Sentiment Analysis of TroveSkin Application

nicodemusnaisau
11 min readJan 27, 2024

--

Hello, everyone! I’d like to share the insights from my thesis, detailing the entire process and highlighting my findings throughout the end-to-end journey.

image from https://www.troveskin.com/

Introduction

Technology has transformed the lifestyle of society, and Indonesia currently ranks sixth in global internet usage. As a result, access to information has become faster and more efficient, reaching all layers of society easily. The use of technology provides significant opportunities for businesses to expand their market by digitizing their products.

Accurate and relevant data are crucial for businesses and corporate organizations to understand consumer behavior and meet service needs. This data can be analyzed to identify new business opportunities, enhance operational efficiency, and optimize marketing strategies.

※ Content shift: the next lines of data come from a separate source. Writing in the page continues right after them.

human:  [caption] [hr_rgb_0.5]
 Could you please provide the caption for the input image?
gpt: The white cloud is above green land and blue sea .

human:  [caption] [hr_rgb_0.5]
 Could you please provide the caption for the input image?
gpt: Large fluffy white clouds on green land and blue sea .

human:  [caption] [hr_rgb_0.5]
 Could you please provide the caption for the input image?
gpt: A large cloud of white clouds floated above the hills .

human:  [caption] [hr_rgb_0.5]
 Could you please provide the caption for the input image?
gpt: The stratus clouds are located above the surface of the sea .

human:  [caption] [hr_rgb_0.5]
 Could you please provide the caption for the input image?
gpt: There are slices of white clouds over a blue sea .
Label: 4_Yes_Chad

TroveSkin, an application for tracking skincare products, has gained popularity with over a million downloads and a 4.6 overall rating on Google Play Store. Despite positive scores, user reviews sometimes express dissatisfaction with the provided services.

Problem Statement

The abundance of user reviews on TroveSkin requires an efficient sentiment analysis system to evaluate and understand user sentiments accurately. This project aims to apply Data Mining and sentiment analysis using the Naive Bayes method to classify sentiments expressed in TroveSkin’s user reviews on Google Play Store.

Objectives of the Project

  1. Analyze user satisfaction with TroveSkin features and provide recommendations based on sentiment data.
  2. Classify user reviews using the Naive Bayes algorithm and implement Data Mining to assess sentiment.
  3. Analyze insights from TroveSkin sentiment analysis to recommend service improvements, enhancing user satisfaction.

Research Benefits

  1. Enhance TroveSkin’s understanding of user preferences and needs, aiding in the development of more user-centric products.
  2. Facilitate sentiment analysis through a visual dashboard, aiding TroveSkin in understanding and responding to user sentiments effectively.
  3. Predict future sentiments using historical data for strategic planning and campaigns.

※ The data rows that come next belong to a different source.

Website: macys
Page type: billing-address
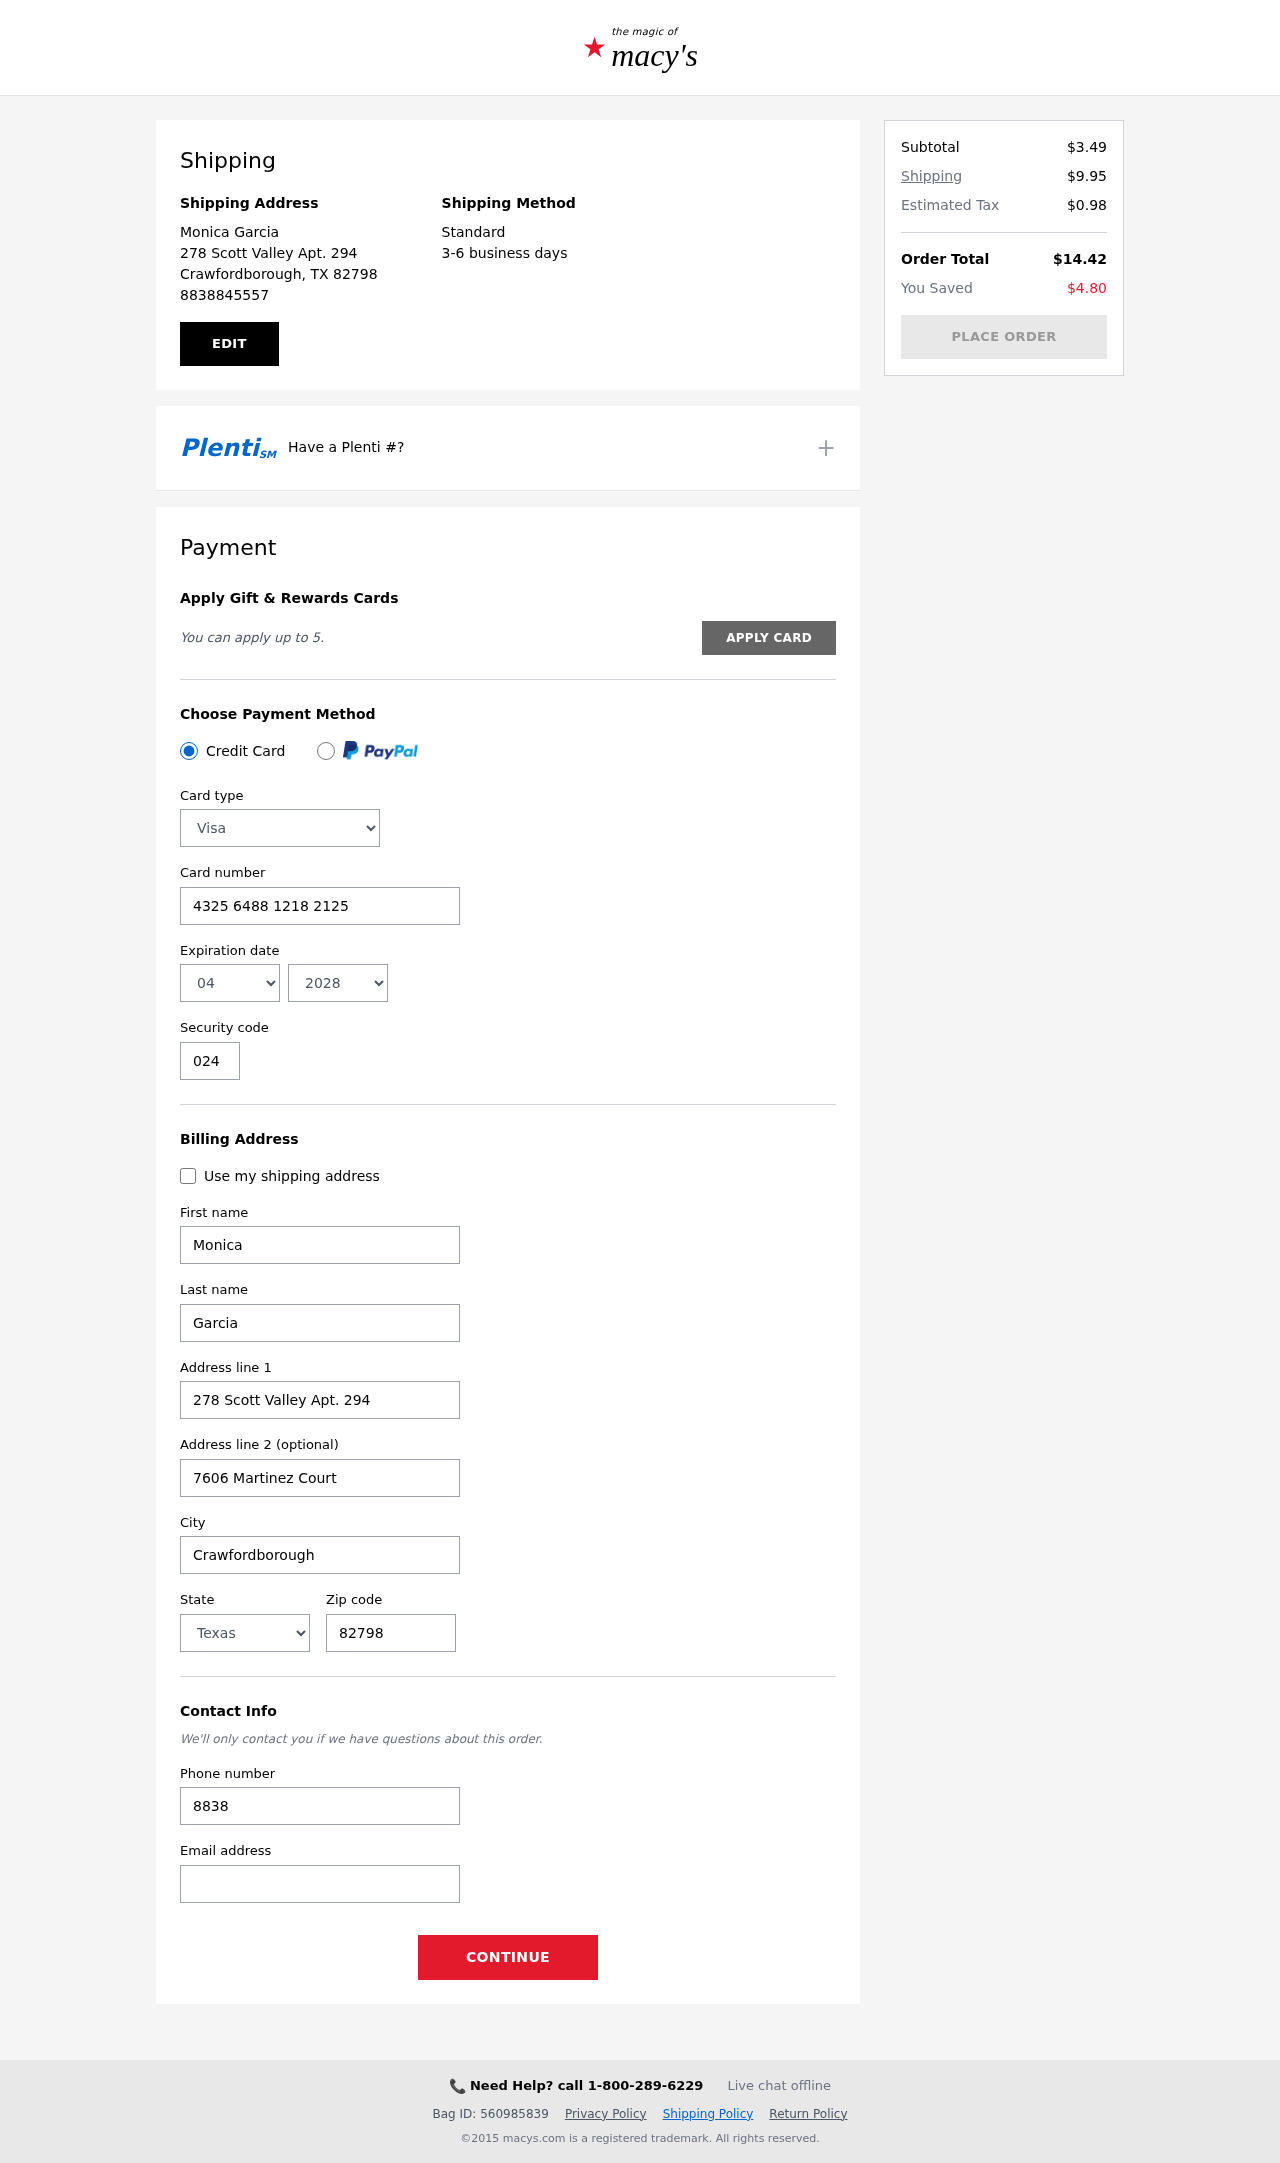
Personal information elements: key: PII_CARD_CVV
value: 024
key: PII_CARD_EXPIRY_MONTH
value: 04
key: PII_CARD_EXPIRY_YEAR
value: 28
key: PII_CARD_NUMBER
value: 4325 6488 1218 2125
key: PII_CARD_TYPE
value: Visa
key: PII_CITY
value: Crawfordborough
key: PII_CITY_STATE_ZIP
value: Crawfordborough, TX 82798
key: PII_EMAIL
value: monicagarcia@yahoo.com
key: PII_FIRSTNAME
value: Monica
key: PII_FULLNAME
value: Monica Garcia
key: PII_LASTNAME
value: Garcia
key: PII_PHONE
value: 8838845557
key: PII_POSTCODE
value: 82798
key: PII_STATE
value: Texas
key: PII_STREET
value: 278 Scott Valley Apt. 294
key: PII_STREET2
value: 7606 Martinez Court
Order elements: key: ORDER_SUBTOTAL
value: $3.49
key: ORDER_SHIPPING_COST
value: $9.95
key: ORDER_TAX
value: $0.98
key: ORDER_TOTAL
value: $14.42
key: ORDER_SAVINGS
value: $4.80

Scope of the Project The research is limited to:

  1. Data was obtained from the Google Play Store by scraping TroveSkin’s page.
  2. 3000 rows of data processed using Excel and Python for data preprocessing.
  3. Reviews focused on Indonesian user feedback.
  4. Naive Bayes algorithm used for sentiment analysis.
  5. Dashboard created using Tableau Public for visualization.
  6. Balanced class consideration during modeling.

Expected Outputs

  1. Visual dashboard for sentiment analysis to aid in optimizing and maintaining TroveSkin’s services.
  2. Word Cloud shows dominant keywords in user reviews.
  3. Reference for future researchers in similar developments.

Research Methodology

Data Scraping

In the research process, data extraction is conducted from the TroveSkin application’s Google Play Store page. To achieve this, the initial step involves installing the necessary library by using the command:

!pip install -qq google-play-scraper

The data scraping process requires specific parameters, facilitated by the Google-Play-Scraper library. The parameters used are

The objective is to obtain balanced data, achieved by retrieving data with a score filter ranging from 1 to 5. After obtaining the data population, the results of the entire scraping process are merged into a single CSV file.

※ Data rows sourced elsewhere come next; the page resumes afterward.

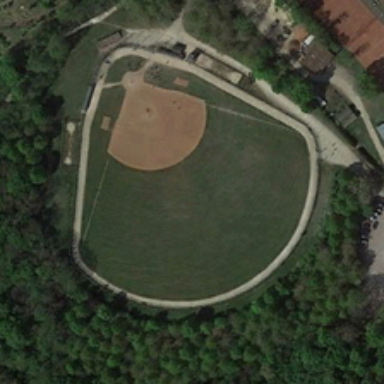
There are many trees around a meadow .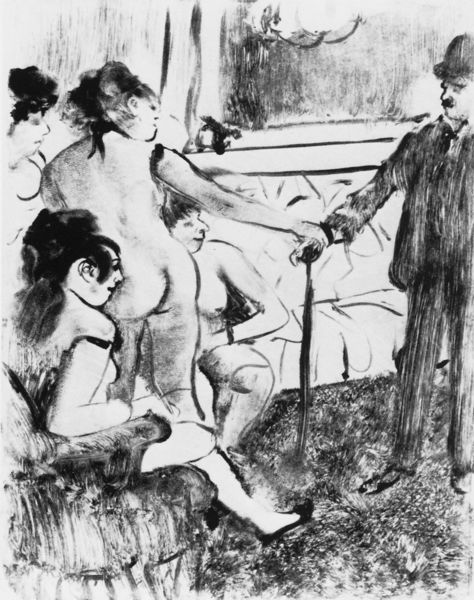
Titel: Der ernste Kunde
Künstler: Edgar Degas
Institution: Ottawa, Musee des Beaux-Arts du Canada
Schlagwörter: akt, hand, mann, nackt, weiß, frauen, impressionismus, brust, degas, fenster, frankreich, frau, frisur, hut, jahrhundertwende, pastell, renoir, rücken, schwarz, skizze, toulouse lautrec, zeichnung, zimmer, schirm, malerei, schleife, teppich, anzug, bart, schnurrbart, arm, bild, spiegel, haare, interieur, sessel, prostituierte, stock, beine, bein, sofa, sitz, gehstock, ziehen, französisch, melone, kohle, lithographie, schwarzweiß, schuh, armband, nackte frau, freie, pilz, kreidezeichnung, bordell, freier, freudenhaus, s/w, zögern, kurtisane, mann im anzug, po, prostituiert, #rücken, bordelll, frankrreich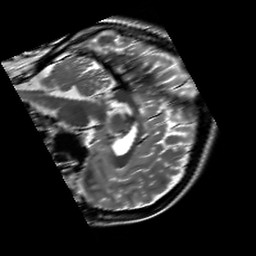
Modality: T2w
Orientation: sagittal
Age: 33
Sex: female
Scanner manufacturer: siemens
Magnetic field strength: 3 T
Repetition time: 7 s
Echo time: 0.09 s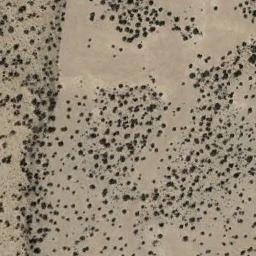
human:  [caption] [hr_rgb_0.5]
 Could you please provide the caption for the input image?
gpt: Chaparral is evenly distributed on the sand .

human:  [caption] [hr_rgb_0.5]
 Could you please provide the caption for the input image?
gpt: You can see a lot of weeds on this desert .

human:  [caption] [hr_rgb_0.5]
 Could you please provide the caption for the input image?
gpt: The chaparral is consist of many bushes on the desert .

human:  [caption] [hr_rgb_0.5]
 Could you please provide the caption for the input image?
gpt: A lot of dense small chaparrals grow in the desert .

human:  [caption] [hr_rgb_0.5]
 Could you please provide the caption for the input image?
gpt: The chaparral is not evenly distributed .

The visual representation of the data distribution based on ratings is

Finally, the scraping results, featuring each rating merged into a CSV file, Once the scraping is complete, the next step involves labeling each review with positive or negative sentiment.

Labeling Data

The data labeling process consists of two stages: automated labeling based on review scores and manual verification by three annotators. The automated labeling assigns negative labels to scores less than or equal to 3 and positive labels to scores greater than or equal to 4. The subsequent manual verification involves three annotators assessing the alignment between the review content and the assigned score.

The automated labeling utilizes Python programming, creating a new field and setting conditions based on review scores. The resulting sentiment distribution is

Annotators verify and offer their perspectives based on the review content. Satisfaction with the application yields a positive sentiment, while dissatisfaction results in a negative sentiment.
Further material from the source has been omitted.